Republican governors routinely outperform their national peers in attracting black voters

Admittedly the Kasich numbers are anomalous for Republican candidates at all levels of government, but they are more common in gubernatorial elections than in presidential contests. Before him, there was Ohio Gov. George Voinovich, who won 42 percent of the black vote following his popular tenure as the mayor of Cleveland, a majority-minority city. More recently, New Jersey Gov. Chris Christie — who has since cozied up to Trump — won 21 percent of the black vote in his 2013 reelection win.

There’s more: In her losing bid for governor of California, in 2010, Meg Whitman received 21 of the black vote; in 1998, then-Texas-Gov.
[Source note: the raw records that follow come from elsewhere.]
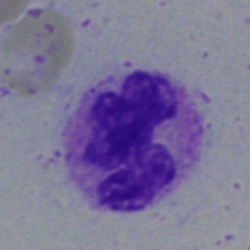 Q: Which cell type is shown here?
A: It is a segmented neutrophil.
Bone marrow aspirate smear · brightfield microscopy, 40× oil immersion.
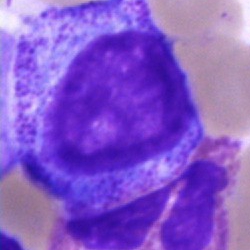
Morphology consistent with a progranulocyte.
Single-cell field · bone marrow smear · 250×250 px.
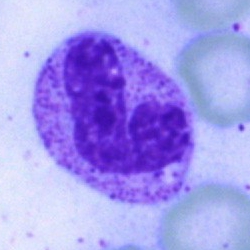
Morphology consistent with a neutrophil (band).
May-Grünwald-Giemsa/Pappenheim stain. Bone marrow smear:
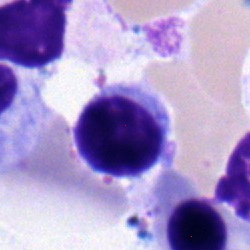
Cell: typical lymphocyte.
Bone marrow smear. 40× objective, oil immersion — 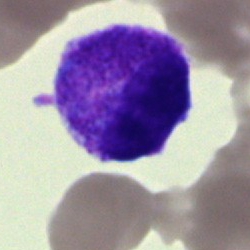 Undifferentiated blast.
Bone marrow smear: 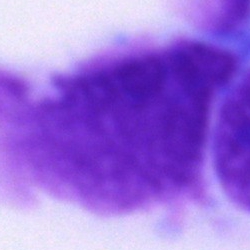

Morphology consistent with an artefact.
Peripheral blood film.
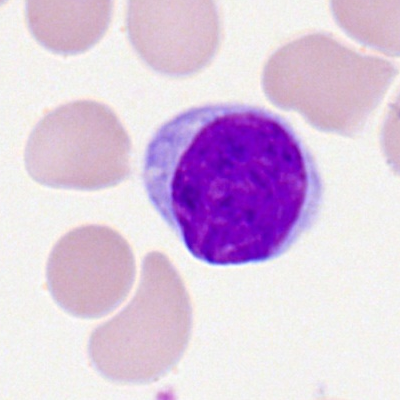

Q: Identify the cell.
A: Typical lymphocyte.
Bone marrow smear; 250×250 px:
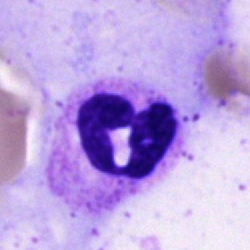

Segmented neutrophil.
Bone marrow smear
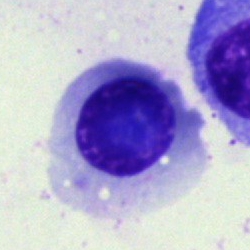

Cell type: normoblast.
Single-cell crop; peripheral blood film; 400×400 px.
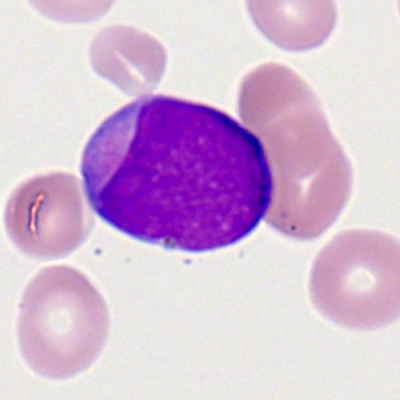

Myeloblast.
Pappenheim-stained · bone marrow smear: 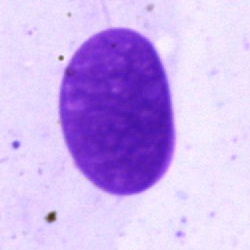
Impression — artifact.
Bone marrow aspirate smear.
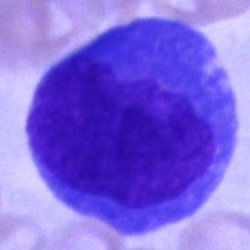The classification is blast.
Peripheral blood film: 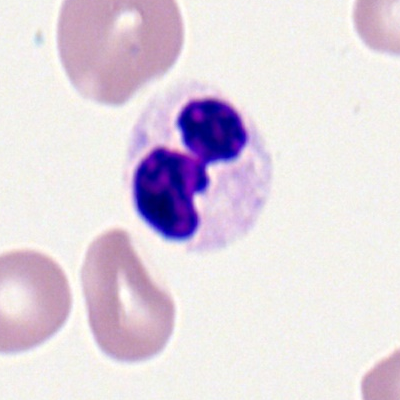

This is a neutrophil (segmented).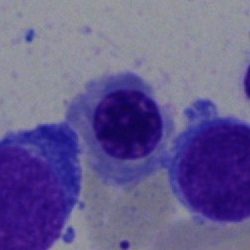Classification: nucleated red blood cell.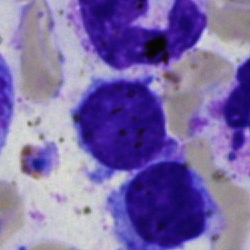
Specimen: bone marrow aspirate smear.
Cell: typical lymphocyte.
Lineage: lymphoid.

George Bush and Arkansas' Mike Huckabee received 27 percent and 48 percent, respectively (although the latter figure is often disputed due to the exit poll’s small sample size). Other Republicans who have fared well with black voters include Scott Walker (Wisconsin), Jeb Bush (Florida), Tom Ridge (Pennsylvania), Mitch Daniels (Indiana), and Charlie Crist (Florida).

Republican presidential candidates cannot fathom receiving such support from black voters today. The last time such a candidate crossed the 20 percent threshold was in 1960 when Richard Nixon received 32 percent of the black vote in his loss to John F. Kennedy.

President George W. Bush received 27 percent of the black vote during his last Texas gubernatorial election, but he couldn’t manage half that support in the 2004 presidential election just six years later. Between 1968 and 2004, Republican presidential nominees averaged just over 11 percent of the black vote. In the last two elections, however, John McCain and Mitt Romney drew considerably less — 4 percent and 6 percent, respectively — no doubt in part because they were running against a black candidate. Trump is likely to see similarly dismal numbers because of his rhetoric and lack of acceptable policy stances.

National GOP candidates emphasize ideology in a way that turns off even black conservatives

Why the gap between the Republican performance at the state and national levels? For one thing, at the national level, Republican politicians embrace the politics of colorblindness more often — that is, they tend to eschew policies that are explicitly designed to reduce racial disparities.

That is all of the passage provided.